Author: Paul Almeida
Publisher: University of California Press
Published: 2019-02-26
Total Pages: 234
ISBN-13: 0520290917
DOWNLOAD EBOOKSocial Movements cleverly translates the art of collective action and mobilization by excluded groups to facilitate understanding social change from below. Students learn the core components of social movements, the theory and methods used to study them, and the conditions under which they can lead to political and social transformation.
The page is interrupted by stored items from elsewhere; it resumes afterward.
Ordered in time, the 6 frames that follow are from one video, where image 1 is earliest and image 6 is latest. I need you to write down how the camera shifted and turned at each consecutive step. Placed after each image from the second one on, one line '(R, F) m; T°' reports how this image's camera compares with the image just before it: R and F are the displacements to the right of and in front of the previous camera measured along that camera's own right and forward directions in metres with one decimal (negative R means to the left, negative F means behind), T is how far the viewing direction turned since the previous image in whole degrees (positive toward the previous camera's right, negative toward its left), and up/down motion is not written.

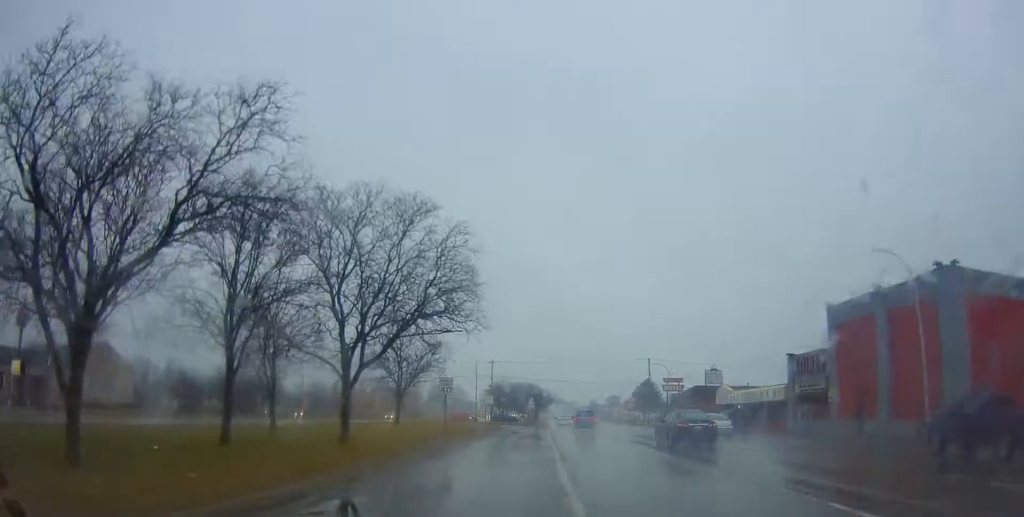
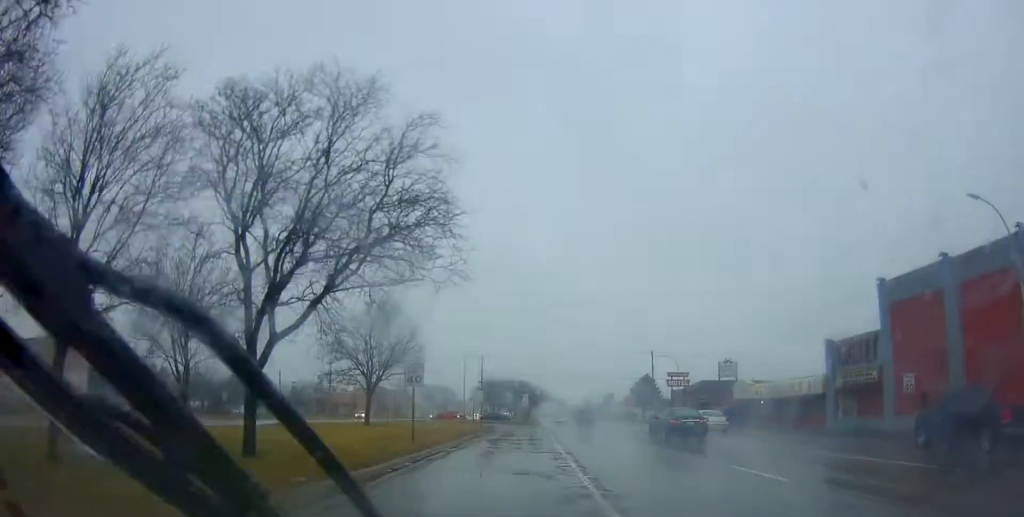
(0.0, +8.4) m; 0°
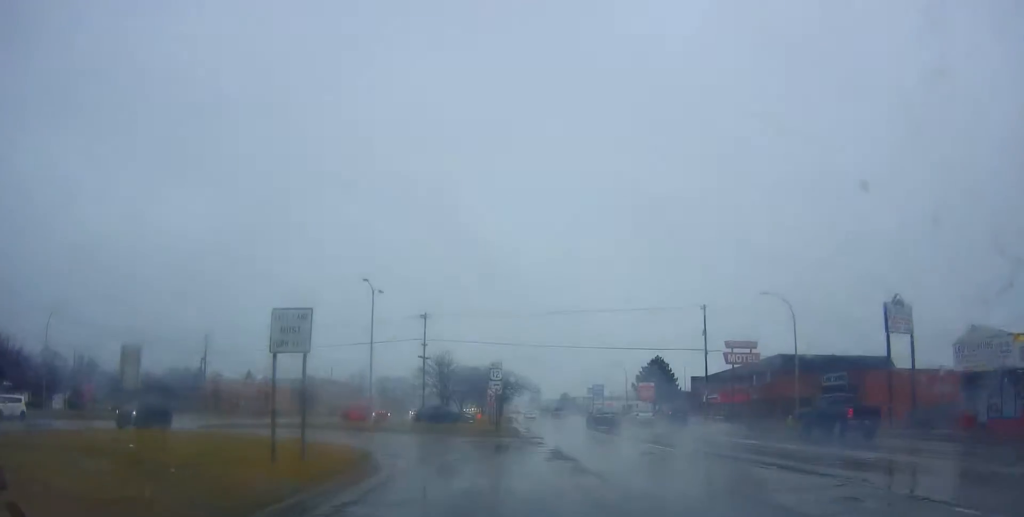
(+1.4, +40.4) m; +1°
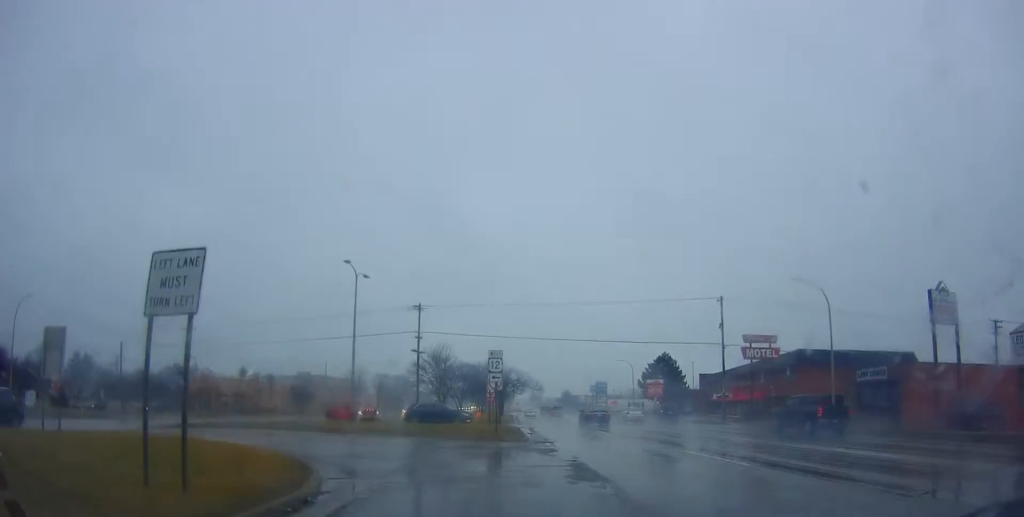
(-0.5, +4.7) m; -1°
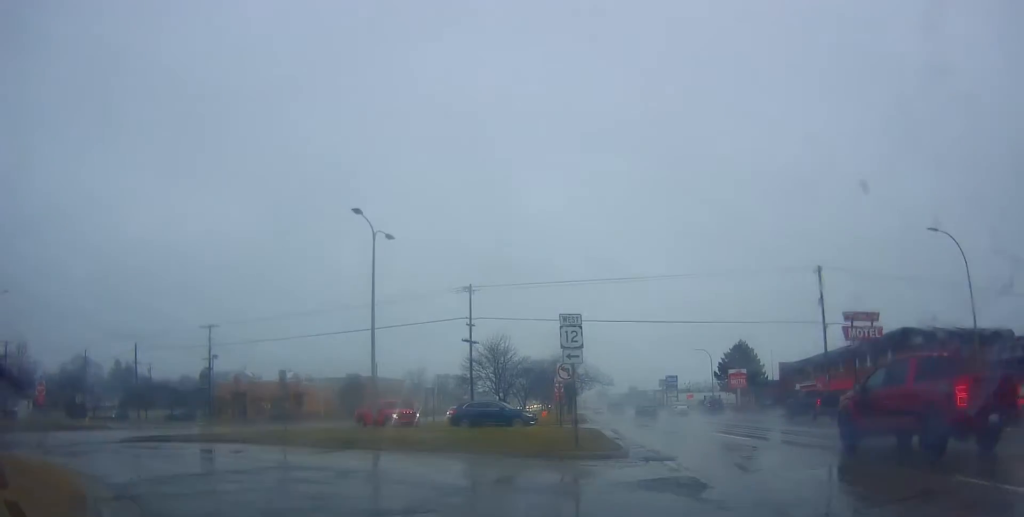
(-0.2, +9.4) m; -5°
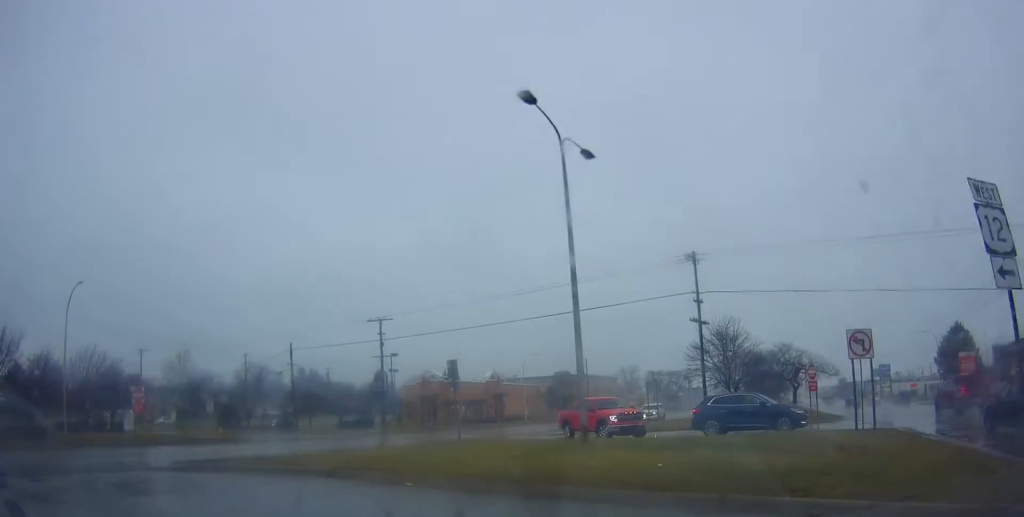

This fully class-tested book is the first to be organized along the lines of the major subfields of social movement scholarship—framing, movement emergence, recruitment, and outcomes—to provide comprehensive coverage in a single core text. Features include: use of real data collected in the U.S. and around the world the emphasis on student learning outcomes case studies that bring social movements to life examples of cultural repertoires used by movements (flyers, pamphlets, event data on activist websites, illustrations by activist musicians) to mobilize a group topics such as immigrant rights, transnational movement for climate justice, Women's Marches, Fight for $15, Occupy Wall Street, Gun Violence, Black Lives Matter, and the mobilization of popular movements in the global South on issues of authoritarian rule and neoliberalism With this book, students deepen their understanding of movement dynamics, methods of investigation, and dominant theoretical perspectives, all while being challenged to consider their own place in relation to social movements.